▶ TASK PROMPT:
Copy out the listing exactly.

▶ RECORDED INFORMATION:
◆ ◆ ◆ ◆ ◆
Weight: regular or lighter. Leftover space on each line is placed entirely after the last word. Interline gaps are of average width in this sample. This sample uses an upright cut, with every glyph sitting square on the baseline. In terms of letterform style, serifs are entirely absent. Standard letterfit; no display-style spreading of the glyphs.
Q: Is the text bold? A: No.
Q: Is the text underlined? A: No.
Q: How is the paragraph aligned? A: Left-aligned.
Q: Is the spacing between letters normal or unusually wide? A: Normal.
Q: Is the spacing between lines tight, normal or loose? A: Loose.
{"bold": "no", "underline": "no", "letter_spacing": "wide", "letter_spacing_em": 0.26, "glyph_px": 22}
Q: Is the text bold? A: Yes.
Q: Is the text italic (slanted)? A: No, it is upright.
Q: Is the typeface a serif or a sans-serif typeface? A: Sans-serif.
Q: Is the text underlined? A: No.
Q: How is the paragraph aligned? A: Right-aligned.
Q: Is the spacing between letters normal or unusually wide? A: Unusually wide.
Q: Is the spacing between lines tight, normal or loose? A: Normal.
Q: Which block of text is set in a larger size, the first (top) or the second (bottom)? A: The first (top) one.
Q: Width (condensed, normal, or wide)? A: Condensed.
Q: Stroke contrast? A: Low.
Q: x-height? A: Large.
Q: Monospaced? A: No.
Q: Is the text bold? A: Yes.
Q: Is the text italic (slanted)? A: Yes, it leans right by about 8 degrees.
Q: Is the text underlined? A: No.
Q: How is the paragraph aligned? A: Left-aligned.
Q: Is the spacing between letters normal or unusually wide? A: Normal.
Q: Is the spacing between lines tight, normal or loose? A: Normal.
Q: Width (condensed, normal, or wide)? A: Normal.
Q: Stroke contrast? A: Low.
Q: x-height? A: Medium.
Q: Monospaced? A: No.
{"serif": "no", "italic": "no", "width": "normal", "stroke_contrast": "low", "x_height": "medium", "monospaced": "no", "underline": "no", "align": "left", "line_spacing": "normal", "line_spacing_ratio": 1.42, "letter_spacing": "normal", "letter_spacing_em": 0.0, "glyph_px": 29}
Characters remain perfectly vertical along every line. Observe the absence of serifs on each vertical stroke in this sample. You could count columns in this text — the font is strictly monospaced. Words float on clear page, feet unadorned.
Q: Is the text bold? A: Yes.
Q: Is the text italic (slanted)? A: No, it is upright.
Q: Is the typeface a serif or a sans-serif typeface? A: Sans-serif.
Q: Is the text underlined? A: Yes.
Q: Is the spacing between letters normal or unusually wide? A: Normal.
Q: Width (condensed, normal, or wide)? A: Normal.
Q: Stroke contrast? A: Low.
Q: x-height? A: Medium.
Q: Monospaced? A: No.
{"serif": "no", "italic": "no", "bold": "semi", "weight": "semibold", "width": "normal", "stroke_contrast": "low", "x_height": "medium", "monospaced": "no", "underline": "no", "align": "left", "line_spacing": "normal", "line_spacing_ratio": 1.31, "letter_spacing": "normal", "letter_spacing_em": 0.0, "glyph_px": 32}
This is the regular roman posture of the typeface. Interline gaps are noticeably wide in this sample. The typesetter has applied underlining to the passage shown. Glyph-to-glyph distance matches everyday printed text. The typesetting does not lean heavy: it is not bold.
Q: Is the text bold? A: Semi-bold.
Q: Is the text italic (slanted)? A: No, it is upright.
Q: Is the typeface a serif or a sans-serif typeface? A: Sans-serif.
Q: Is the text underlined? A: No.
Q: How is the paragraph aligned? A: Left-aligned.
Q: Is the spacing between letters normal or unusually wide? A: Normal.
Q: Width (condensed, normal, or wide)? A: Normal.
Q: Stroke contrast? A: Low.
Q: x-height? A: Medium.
◆ ◆ ◆ ◆ ◆
▶ EXERCISE OUTPUT:
Weight: regular or lighter. Leftover space on each line is placed entirely after the last word. Interline gaps are of average width in this sample. This sample uses an upright cut, with every glyph sitting square on the baseline. In terms of letterform style, serifs are entirely absent. Standard letterfit; no display-style spreading of the glyphs.
Q: Is the text bold? A: No.
Q: Is the text underlined? A: No.
Q: How is the paragraph aligned? A: Left-aligned.
Q: Is the spacing between letters normal or unusually wide? A: Normal.
Q: Is the spacing between lines tight, normal or loose? A: Loose.
{"bold": "no", "underline": "no", "letter_spacing": "wide", "letter_spacing_em": 0.26, "glyph_px": 22}
Q: Is the text bold? A: Yes.
Q: Is the text italic (slanted)? A: No, it is upright.
Q: Is the typeface a serif or a sans-serif typeface? A: Sans-serif.
Q: Is the text underlined? A: No.
Q: How is the paragraph aligned? A: Right-aligned.
Q: Is the spacing between letters normal or unusually wide? A: Unusually wide.
Q: Is the spacing between lines tight, normal or loose? A: Normal.
Q: Which block of text is set in a larger size, the first (top) or the second (bottom)? A: The first (top) one.
Q: Width (condensed, normal, or wide)? A: Condensed.
Q: Stroke contrast? A: Low.
Q: x-height? A: Large.
Q: Monospaced? A: No.
Q: Is the text bold? A: Yes.
Q: Is the text italic (slanted)? A: Yes, it leans right by about 8 degrees.
Q: Is the text underlined? A: No.
Q: How is the paragraph aligned? A: Left-aligned.
Q: Is the spacing between letters normal or unusually wide? A: Normal.
Q: Is the spacing between lines tight, normal or loose? A: Normal.
Q: Width (condensed, normal, or wide)? A: Normal.
Q: Stroke contrast? A: Low.
Q: x-height? A: Medium.
Q: Monospaced? A: No.
{"serif": "no", "italic": "no", "width": "normal", "stroke_contrast": "low", "x_height": "medium", "monospaced": "no", "underline": "no", "align": "left", "line_spacing": "normal", "line_spacing_ratio": 1.42, "letter_spacing": "normal", "letter_spacing_em": 0.0, "glyph_px": 29}
Characters remain perfectly vertical along every line. Observe the absence of serifs on each vertical stroke in this sample. You could count columns in this text — the font is strictly monospaced. Words float on clear page, feet unadorned.
Q: Is the text bold? A: Yes.
Q: Is the text italic (slanted)? A: No, it is upright.
Q: Is the typeface a serif or a sans-serif typeface? A: Sans-serif.
Q: Is the text underlined? A: Yes.
Q: Is the spacing between letters normal or unusually wide? A: Normal.
Q: Width (condensed, normal, or wide)? A: Normal.
Q: Stroke contrast? A: Low.
Q: x-height? A: Medium.
Q: Monospaced? A: No.
{"serif": "no", "italic": "no", "bold": "semi", "weight": "semibold", "width": "normal", "stroke_contrast": "low", "x_height": "medium", "monospaced": "no", "underline": "no", "align": "left", "line_spacing": "normal", "line_spacing_ratio": 1.31, "letter_spacing": "normal", "letter_spacing_em": 0.0, "glyph_px": 32}
This is the regular roman posture of the typeface. Interline gaps are noticeably wide in this sample. The typesetter has applied underlining to the passage shown. Glyph-to-glyph distance matches everyday printed text. The typesetting does not lean heavy: it is not bold.
Q: Is the text bold? A: Semi-bold.
Q: Is the text italic (slanted)? A: No, it is upright.
Q: Is the typeface a serif or a sans-serif typeface? A: Sans-serif.
Q: Is the text underlined? A: No.
Q: How is the paragraph aligned? A: Left-aligned.
Q: Is the spacing between letters normal or unusually wide? A: Normal.
Q: Width (condensed, normal, or wide)? A: Normal.
Q: Stroke contrast? A: Low.
Q: x-height? A: Medium.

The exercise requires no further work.